John Coltrane and Johnny Hartman


It was 1946 when Louis van Gelder decided to build a new home for his family in Hackensack, New Jersey. When he saw the blueprints, his son Rudy asked him to add a little thing. He wanted a control room with a double glass window to the living room. Also, the living room should be big, with a high ceiling.

Rudy was already busy recording local musicians for 78s. His father wanted to help his enthusiastic son and indulged him. The resulting studio is the birth place for one of the most famous jazz studios in the world. Rudy van Gelder recorded for Impulse!, Prestige, Verve, and Blue Note, among others. The studio moved to Englewood Cliffs in the same state. The original location doesn’t exist anymore, but the Englewood Cliffs is registered in the National Register of Historic Places, for its significance in the performing arts.

Reading the lists of recorded works here is like reading the Who’s Who of music of the age. Rudy van Gelder was well known as a genius with golden ears. Almost all of the recordings from Blue Note between 1953 and 1967 were from his studio. Not everyone though: notably Charles Mingus didn’t want to go anywhere near ‘RVG’, saying he changed the sound. His recordings are very coloured as a result.

Rudy died in 2016, leaving his studio to his assistant Mauren Sickler.

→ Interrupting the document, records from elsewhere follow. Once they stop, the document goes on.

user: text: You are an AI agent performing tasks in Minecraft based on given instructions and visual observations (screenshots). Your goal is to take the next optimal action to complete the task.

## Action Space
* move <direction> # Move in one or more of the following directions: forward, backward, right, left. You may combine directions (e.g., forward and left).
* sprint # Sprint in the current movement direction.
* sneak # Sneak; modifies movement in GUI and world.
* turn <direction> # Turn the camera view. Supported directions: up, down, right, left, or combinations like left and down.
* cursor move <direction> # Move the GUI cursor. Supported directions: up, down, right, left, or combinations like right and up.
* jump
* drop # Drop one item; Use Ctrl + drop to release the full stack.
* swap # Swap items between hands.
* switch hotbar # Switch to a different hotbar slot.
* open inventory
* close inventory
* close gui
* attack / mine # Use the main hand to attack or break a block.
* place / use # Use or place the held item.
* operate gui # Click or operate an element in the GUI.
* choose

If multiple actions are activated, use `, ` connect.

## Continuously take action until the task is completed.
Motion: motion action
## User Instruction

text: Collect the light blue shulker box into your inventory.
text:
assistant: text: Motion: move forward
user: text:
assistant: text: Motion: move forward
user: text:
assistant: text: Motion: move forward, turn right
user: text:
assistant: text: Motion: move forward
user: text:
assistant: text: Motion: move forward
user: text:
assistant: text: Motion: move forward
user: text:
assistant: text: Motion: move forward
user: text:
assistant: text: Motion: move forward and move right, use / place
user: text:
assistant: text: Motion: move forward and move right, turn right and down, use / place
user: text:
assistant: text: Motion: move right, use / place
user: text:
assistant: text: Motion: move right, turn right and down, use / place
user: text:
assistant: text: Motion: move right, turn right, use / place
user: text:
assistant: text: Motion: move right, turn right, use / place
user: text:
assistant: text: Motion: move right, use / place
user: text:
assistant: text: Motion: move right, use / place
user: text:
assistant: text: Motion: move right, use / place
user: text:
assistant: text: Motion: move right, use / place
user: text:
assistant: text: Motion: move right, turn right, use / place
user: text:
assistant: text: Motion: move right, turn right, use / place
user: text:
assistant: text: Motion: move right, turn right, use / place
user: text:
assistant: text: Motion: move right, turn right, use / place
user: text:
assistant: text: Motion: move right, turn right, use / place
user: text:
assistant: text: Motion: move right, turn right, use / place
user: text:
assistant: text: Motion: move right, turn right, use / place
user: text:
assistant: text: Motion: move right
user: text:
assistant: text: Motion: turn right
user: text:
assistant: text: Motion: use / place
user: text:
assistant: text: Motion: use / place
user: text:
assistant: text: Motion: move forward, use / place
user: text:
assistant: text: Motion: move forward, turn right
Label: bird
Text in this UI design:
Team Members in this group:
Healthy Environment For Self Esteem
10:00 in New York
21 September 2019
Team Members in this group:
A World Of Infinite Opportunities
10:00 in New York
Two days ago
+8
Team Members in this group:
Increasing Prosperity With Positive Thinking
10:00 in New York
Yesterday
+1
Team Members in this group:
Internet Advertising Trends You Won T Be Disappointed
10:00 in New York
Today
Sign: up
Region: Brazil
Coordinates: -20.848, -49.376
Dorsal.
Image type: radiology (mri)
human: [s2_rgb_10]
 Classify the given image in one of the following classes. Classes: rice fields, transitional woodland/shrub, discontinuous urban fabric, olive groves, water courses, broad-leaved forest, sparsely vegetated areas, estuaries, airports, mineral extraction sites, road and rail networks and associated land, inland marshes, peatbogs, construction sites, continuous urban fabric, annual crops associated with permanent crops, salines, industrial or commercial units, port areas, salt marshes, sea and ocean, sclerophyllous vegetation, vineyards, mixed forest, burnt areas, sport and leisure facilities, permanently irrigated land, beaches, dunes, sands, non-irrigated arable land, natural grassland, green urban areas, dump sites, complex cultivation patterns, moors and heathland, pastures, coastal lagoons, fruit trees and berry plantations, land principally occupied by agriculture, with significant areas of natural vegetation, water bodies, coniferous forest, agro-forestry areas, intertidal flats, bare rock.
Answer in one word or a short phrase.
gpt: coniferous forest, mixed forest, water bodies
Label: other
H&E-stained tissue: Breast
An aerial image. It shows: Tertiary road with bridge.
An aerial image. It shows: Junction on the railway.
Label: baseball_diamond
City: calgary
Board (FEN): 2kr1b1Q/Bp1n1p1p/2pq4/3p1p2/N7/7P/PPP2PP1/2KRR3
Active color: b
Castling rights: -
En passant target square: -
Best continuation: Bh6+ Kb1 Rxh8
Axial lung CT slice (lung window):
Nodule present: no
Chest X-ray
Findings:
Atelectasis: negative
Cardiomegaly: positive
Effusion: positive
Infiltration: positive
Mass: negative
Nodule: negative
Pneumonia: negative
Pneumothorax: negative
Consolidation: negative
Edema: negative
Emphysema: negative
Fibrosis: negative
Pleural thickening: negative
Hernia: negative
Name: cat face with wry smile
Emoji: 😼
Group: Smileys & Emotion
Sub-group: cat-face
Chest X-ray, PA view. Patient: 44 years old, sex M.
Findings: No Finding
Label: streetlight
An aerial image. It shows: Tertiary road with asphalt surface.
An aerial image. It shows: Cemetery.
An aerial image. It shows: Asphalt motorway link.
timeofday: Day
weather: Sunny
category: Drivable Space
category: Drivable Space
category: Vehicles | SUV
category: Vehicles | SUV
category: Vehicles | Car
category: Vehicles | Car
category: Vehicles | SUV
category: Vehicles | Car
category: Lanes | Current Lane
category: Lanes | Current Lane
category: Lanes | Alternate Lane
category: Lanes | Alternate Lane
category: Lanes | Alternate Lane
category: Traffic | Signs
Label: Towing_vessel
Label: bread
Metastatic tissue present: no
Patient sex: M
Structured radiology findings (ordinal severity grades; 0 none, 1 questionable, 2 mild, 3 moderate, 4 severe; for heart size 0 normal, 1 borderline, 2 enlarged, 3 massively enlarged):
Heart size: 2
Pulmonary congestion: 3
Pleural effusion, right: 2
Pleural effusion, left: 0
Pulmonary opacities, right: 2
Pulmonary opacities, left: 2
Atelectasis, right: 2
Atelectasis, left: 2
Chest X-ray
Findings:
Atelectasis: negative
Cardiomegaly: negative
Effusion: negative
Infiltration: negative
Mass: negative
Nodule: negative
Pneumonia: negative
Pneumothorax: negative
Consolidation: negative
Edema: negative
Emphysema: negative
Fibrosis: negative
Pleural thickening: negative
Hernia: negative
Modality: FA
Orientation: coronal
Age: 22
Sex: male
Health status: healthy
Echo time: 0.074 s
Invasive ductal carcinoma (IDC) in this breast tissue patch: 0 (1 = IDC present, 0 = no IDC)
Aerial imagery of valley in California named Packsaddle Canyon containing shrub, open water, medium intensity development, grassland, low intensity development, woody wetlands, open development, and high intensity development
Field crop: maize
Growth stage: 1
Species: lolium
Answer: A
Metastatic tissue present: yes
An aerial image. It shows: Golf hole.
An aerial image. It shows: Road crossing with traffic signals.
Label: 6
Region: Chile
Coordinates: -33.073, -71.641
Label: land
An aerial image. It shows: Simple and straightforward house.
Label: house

In 2008 a warehouse fire at the Universal Studios destroyed a hidden storage next to a fairground. The storage was leased to the Universal Music Group and it was said to contain mostly movies. It didn’t, as the New York Times reconstructed. The fire destroyed many master recordings, and not only of the UMG itself. Estimates run from 120000 to 175000 master recording having been lost in the blaze. Almost all of the Impulse! recording from Rudy van Gelder were destroyed, probably also this one.